Stock markets climbed from Tokyo to Johannesburg after Obama said on Dec. 6 he’s planning the biggest public investment program since President Dwight D. Eisenhower created the interstate highway system to create and preserve 2.5 million jobs in the world’s biggest economy. Governments around the world introduced measures this year to buttress their economies against the worst financial crisis since the Great Depression.

South Africa’s FTSE/JSE Africa All Share Index of equities climbed as much as 5.3 percent, the biggest intraday gain since Nov. 25. Europe’s Dow Jones Stoxx 600 Index added 5 percent and the MSCI Asia Pacific Index rose 4.3 percent. U.S. stock-index futures advanced.
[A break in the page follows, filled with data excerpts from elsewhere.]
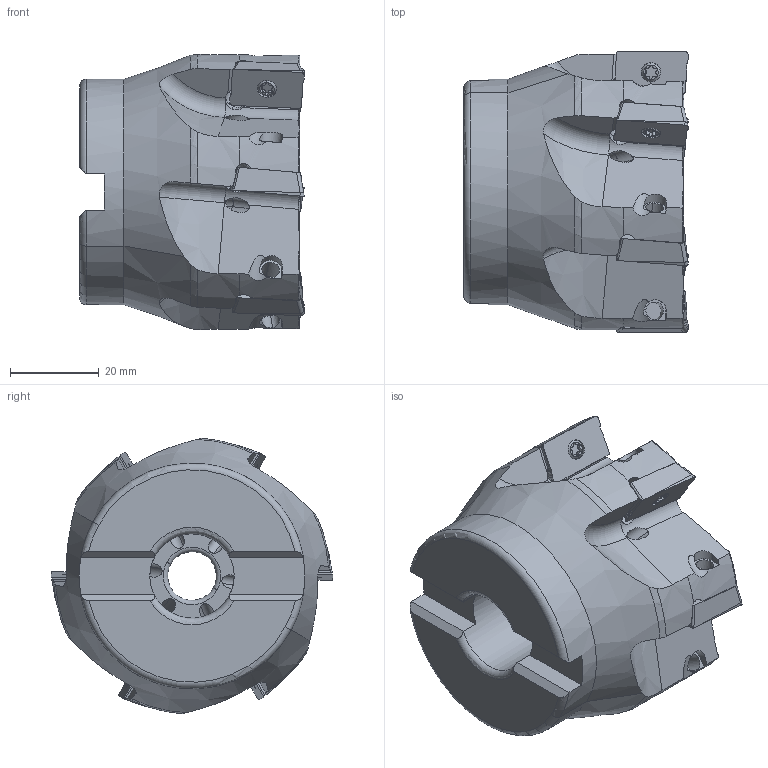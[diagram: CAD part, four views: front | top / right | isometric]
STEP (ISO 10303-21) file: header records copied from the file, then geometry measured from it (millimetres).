
FILE_DESCRIPTION(('CATIA V5 STEP Exchange','CAx-IF Rec.Pracs.--- Model Styling and Organization---1.4--- 2014-01-23'),'2;1');
FILE_NAME('F90-APKT16-D250Z6S075I.stp','2022-12-15T01:17:51+00:00',('none'),('none'),'CATIA Version 5-6 Release 2018 SP6','CATIA V5 STEP AP214','none');
FILE_SCHEMA(('AUTOMOTIVE_DESIGN { 1 0 10303 214 1 1 1 1 }'));
Length unit declared in the file: millimetre
Products named in the file (1): F90-APKT16-D250Z6S075I
Bounding box: 50.73 x 63.53 x 62.19 mm (x, y, z)
Volume: 96606.6 mm3; surface area: 22858.2 mm2
Topology: 13 solids, 13 shells, 662 faces, 1864 edges, 1218 vertices
Faces by surface type: cylinder 268, plane 256, cone 62, torus 52, sphere 24
Entity records: 22798 total; most frequent: CARTESIAN_POINT 7048, ORIENTED_EDGE 3704, DIRECTION 2312, EDGE_CURVE 1852, VERTEX_POINT 1218, AXIS2_PLACEMENT_3D 1036, VECTOR 764, LINE 764
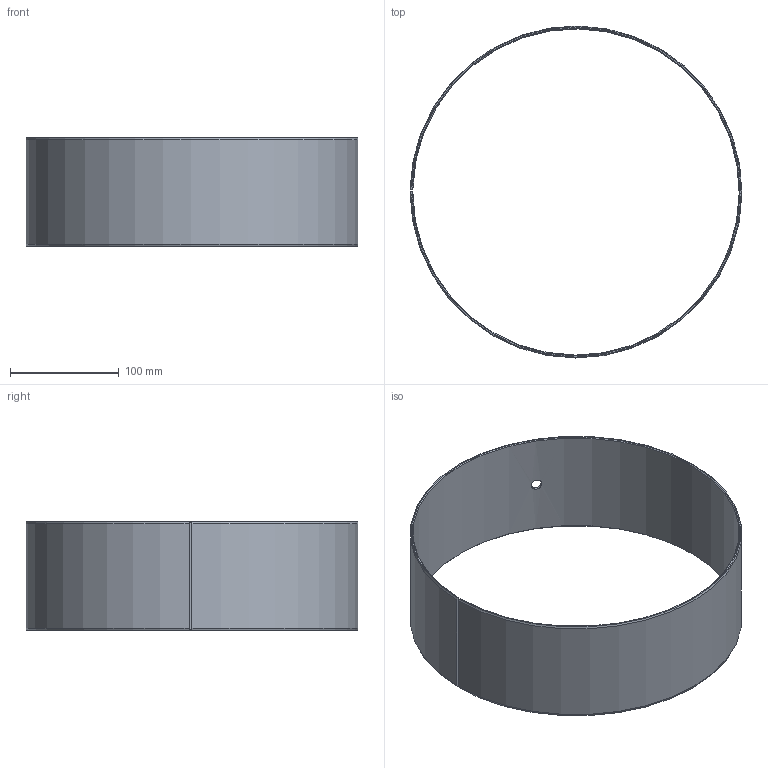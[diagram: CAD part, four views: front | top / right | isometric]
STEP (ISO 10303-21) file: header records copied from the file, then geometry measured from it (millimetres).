
FILE_DESCRIPTION(('STEP AP203'),'1');
FILE_NAME('440-POM300100LMB.stp','2016-09-20T23:53:18',(' '),(' '),'Spatial InterOp 3D',' ',' ');
FILE_SCHEMA(('CONFIG_CONTROL_DESIGN'));
Length unit declared in the file: metre
Products named in the file (2): 440-POM300100LMB
Assembly tree (1 placements, depth 2):
  (unnamed)
    440-POM300100LMB
Bounding box: 304.99 x 304.99 x 100 mm (x, y, z)
Volume: 234999 mm3; surface area: 192779.3 mm2
Topology: 1 solids, 1 shells, 11 faces, 27 edges, 18 vertices
Faces by surface type: cone 4, plane 4, cylinder 3
Full cylindrical faces by diameter (mm): 10 x1
Entity records: 570 total; most frequent: CARTESIAN_POINT 203, DIRECTION 58, ORIENTED_EDGE 52, EDGE_CURVE 26, AXIS2_PLACEMENT_3D 21, VERTEX_POINT 18, LINE 16, VECTOR 16
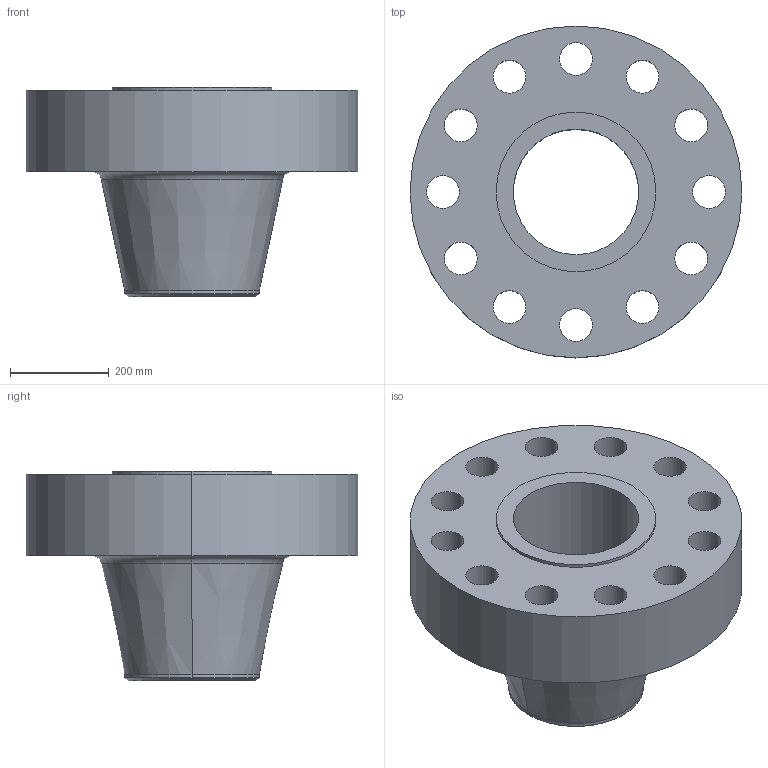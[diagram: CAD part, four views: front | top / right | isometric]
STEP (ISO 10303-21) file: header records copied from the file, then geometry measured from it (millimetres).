
FILE_DESCRIPTION (( 'STEP AP203' ), '1' );
FILE_NAME ('10_2500_B165_RF_WNF_OB_40S.STEP', '2024-01-17T22:29:02', ( '' ), ( '' ), 'SwSTEP 2.0', 'SolidWorks 2023', '' );
FILE_SCHEMA (( 'CONFIG_CONTROL_DESIGN' ));
Length unit declared in the file: inch
Products named in the file (1): 10_2500_B165_RF_WNF_OB_40S
Bounding box: 673.1 x 673.1 x 425.45 mm (x, y, z)
Volume: 51529971.3 mm3; surface area: 1837875 mm2
Topology: 1 solids, 1 shells, 42 faces, 108 edges, 70 vertices
Faces by surface type: cylinder 32, cone 4, plane 4, torus 2
Entity records: 1447 total; most frequent: DIRECTION 266, CARTESIAN_POINT 221, ORIENTED_EDGE 216, AXIS2_PLACEMENT_3D 115, EDGE_CURVE 108, CIRCLE 72, EDGE_LOOP 70, VERTEX_POINT 70

Indian Prime Minister Manmohan Singh said his government plans to allocate an extra 200 billion rupees ($4 billion) as part of a 3-trillion-rupee spending plan for the rest of the financial year ending March 31. The Reserve Bank of India reduced borrowing costs on Dec. 6 for the third time since October.

Rates Outlook

The rand also strengthened on bets the South African Reserve Bank will lower the repurchase rate by a half point to 11.5 percent this week, according to 12 of 17 economists surveyed by Bloomberg. Ten interest-rate increases since June 2006 sapped consumer spending, helping push the retail industry into recession and restricting economic growth to a decade low.

Central banks in the euro region, the U.K., Sweden, New Zealand, Denmark and Indonesia last week reduced their key rates to spur economic growth.

Government bonds fell, with the yield on the benchmark 13.5 percent security due September 2015 rising two basis points to 8.11 percent. The yield on the 13 percent note maturing in August 2010 climbed three basis points to 7.97 percent. Yields move inversely to bond prices.